Using the embeddings generated from atomwell, and the pairwell architecture, we were able to find novel small molecules and peptides in-silico targeting Spodoptera Frugiperda, an invasive pest species that causes $10 Billion worth of damages each year. We tested our in-silico hits in our lab in Santa Clara California, and found peptides and small molecules binding with nanomolar affinity to our target.

Foldwell
Foldwell is our state-of-the-art protein structure prediction model that runs 4x faster than AlphaFold3. We use it extensively to not only validate our targets, identify binding sites in target proteins, but also to ensure that our designed proteins fold correctly before we commit resources to experimental validation.
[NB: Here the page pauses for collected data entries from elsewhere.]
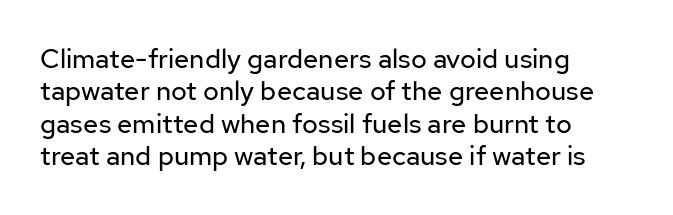
The image shows 27 px text type, upright; set left-aligned, line spacing 1.2x, normal letter spacing, not underlined.
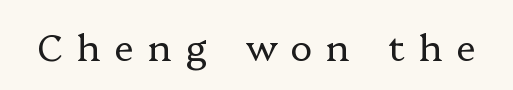
The image shows 37 px regular-weight serif type, upright; set unusually wide letter spacing (+0.38 em), not underlined; low stroke contrast and a medium x-height.
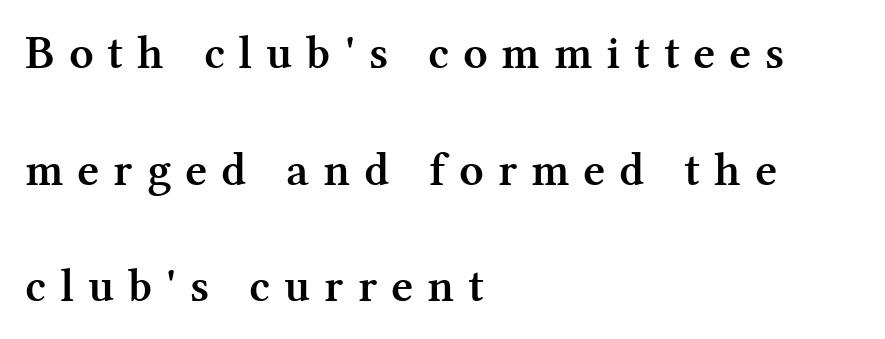
{"serif": "yes", "italic": "no", "bold": "semi", "weight": "semibold", "width": "normal", "stroke_contrast": "medium", "x_height": "medium", "monospaced": "no", "underline": "no", "align": "left", "line_spacing": "loose", "line_spacing_ratio": 2.43, "letter_spacing": "wide", "letter_spacing_em": 0.29, "glyph_px": 48}
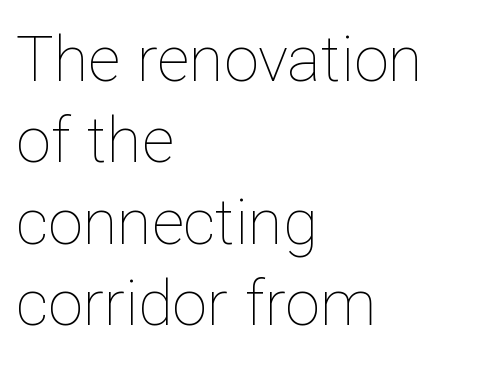
Tall strokes in this sample are plumb rather than angled. Underlining? Definitely not there. Spacing between characters is what you'd get straight out of the box. This block has exactly the height ordinary leading produces.
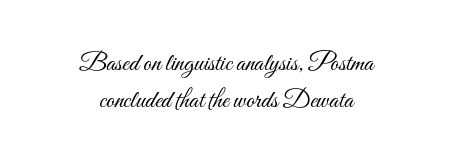
{"bold": "no", "underline": "no", "align": "center", "line_spacing": "normal", "line_spacing_ratio": 1.43, "letter_spacing": "normal", "letter_spacing_em": 0.0, "glyph_px": 26}
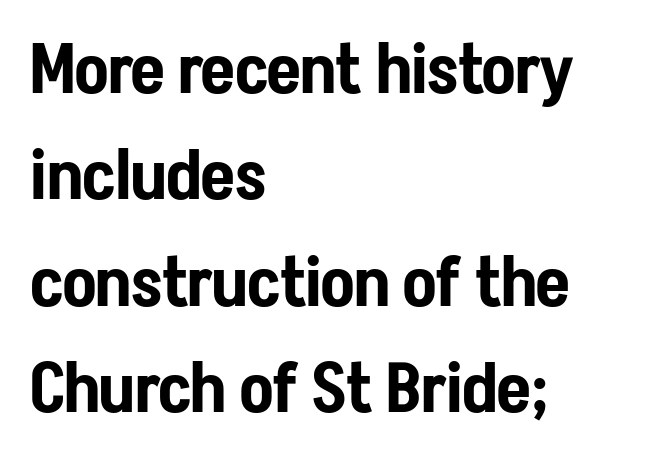
Q: Is the text italic (slanted)? A: No, it is upright.
Q: Is the typeface a serif or a sans-serif typeface? A: Sans-serif.
Q: Is the text underlined? A: No.
Q: How is the paragraph aligned? A: Left-aligned.
Q: Is the spacing between letters normal or unusually wide? A: Normal.
Q: Is the spacing between lines tight, normal or loose? A: Normal.
Q: Width (condensed, normal, or wide)? A: Condensed.
Q: Stroke contrast? A: Low.
Q: x-height? A: Medium.
Q: Monospaced? A: No.
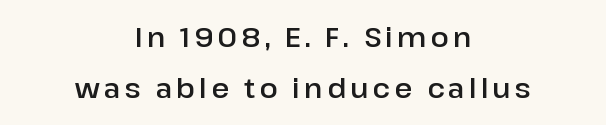
Q: Is the text italic (slanted)? A: No, it is upright.
Q: Is the text underlined? A: No.
Q: How is the paragraph aligned? A: Centered.
Q: Is the spacing between lines tight, normal or loose? A: Loose.
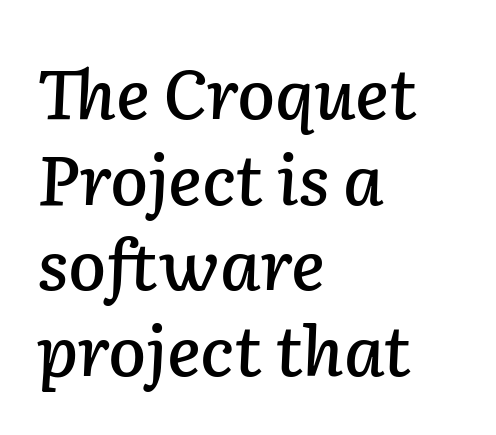
{"italic": "yes", "lean": "right", "slant_degrees": 2, "width": "normal", "stroke_contrast": "low", "x_height": "medium", "monospaced": "no", "underline": "no", "align": "left", "line_spacing_ratio": 1.24, "letter_spacing": "normal", "letter_spacing_em": 0.0, "glyph_px": 69}
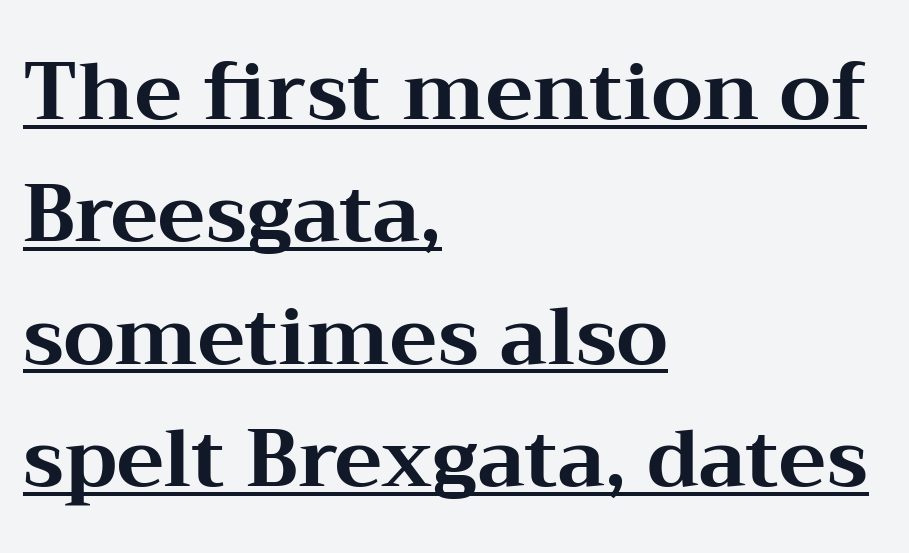
The passage shown has conventional tracking throughout. What decoration does the sample have? An underline. Upright lettering throughout. The font family rendered here belongs to the serif group. Is this a fixed-width face? No — the glyphs have proportional, varying widths.
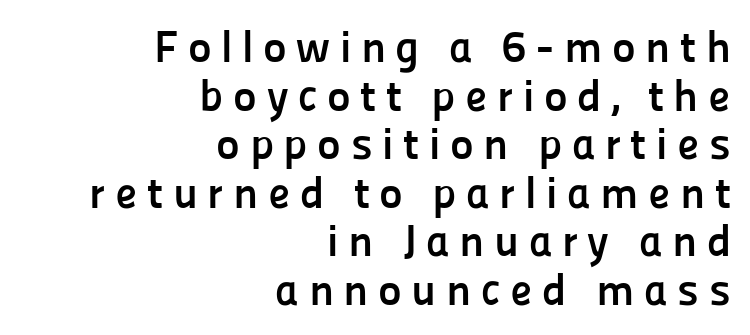
Q: Is the text bold? A: Yes.
Q: Is the text italic (slanted)? A: No, it is upright.
Q: Is the typeface a serif or a sans-serif typeface? A: Sans-serif.
Q: Is the text underlined? A: No.
Q: How is the paragraph aligned? A: Right-aligned.
Q: Is the spacing between letters normal or unusually wide? A: Unusually wide.
Q: Is the spacing between lines tight, normal or loose? A: Tight.
Q: Width (condensed, normal, or wide)? A: Normal.
Q: Stroke contrast? A: Low.
Q: x-height? A: Medium.
Q: Monospaced? A: No.
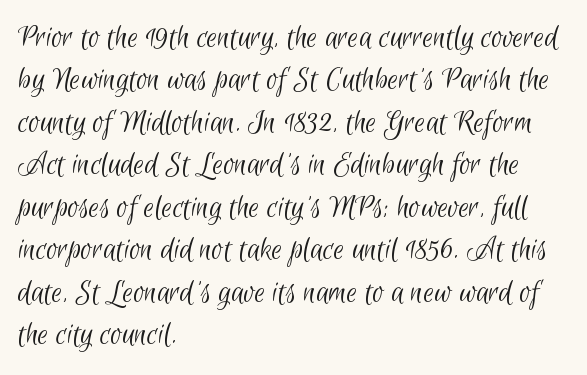
{"serif": "no", "bold": "no", "weight": "light", "width": "condensed", "stroke_contrast": "low", "x_height": "small", "monospaced": "no", "underline": "no", "align": "left", "line_spacing": "normal", "line_spacing_ratio": 1.25, "letter_spacing": "normal", "letter_spacing_em": 0.0, "glyph_px": 34}
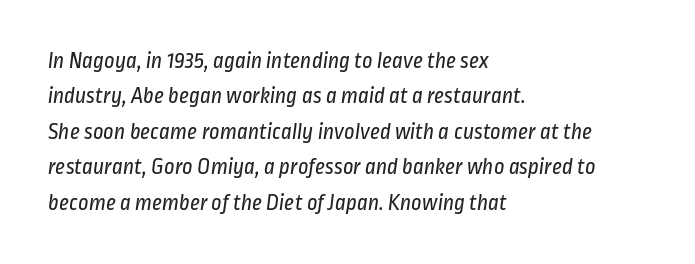
Every row of glyphs begins at an identical x-position on the left. What stands out about the letter spacing? Nothing — it is the standard amount. Regarding leading, the lines here are spaced in the standard way. Weight: in the light-to-regular range. The space directly below the letters is spotless.
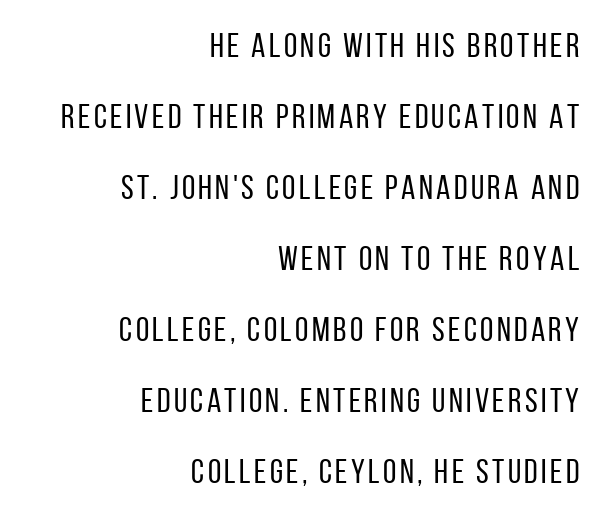
{"serif": "no", "italic": "no", "bold": "no", "weight": "regular", "width": "condensed", "stroke_contrast": "low", "x_height": "large", "monospaced": "no", "underline": "no", "align": "right", "line_spacing": "loose", "line_spacing_ratio": 2.09, "glyph_px": 34}

The dramatic speedup in Foldwell was achieved through strategic modifications to the diffusion trunk of open-source models such as Boltz. By optimizing the attention mechanisms in the diffusion trunk and implementing more efficient sampling strategies during the denoising steps, we were able to maintain prediction accuracy while dramatically reducing inference time.
Open Source
We’re huge fans of open source! In the past year, we’ve released PLAPT and APPT, two of our smaller models for predicting binding affinity for proteins and small molecules. Additionally, we’ve also open-sourced their training datasets, making this the biggest data source for protein-protein binding data anywhere. This has enabled multiple researchers to train multiple models of their own.
We’ll also be open-sourcing our findings on best practices for building the most performant language models, including multiple mechanistic interpretability findings for our models.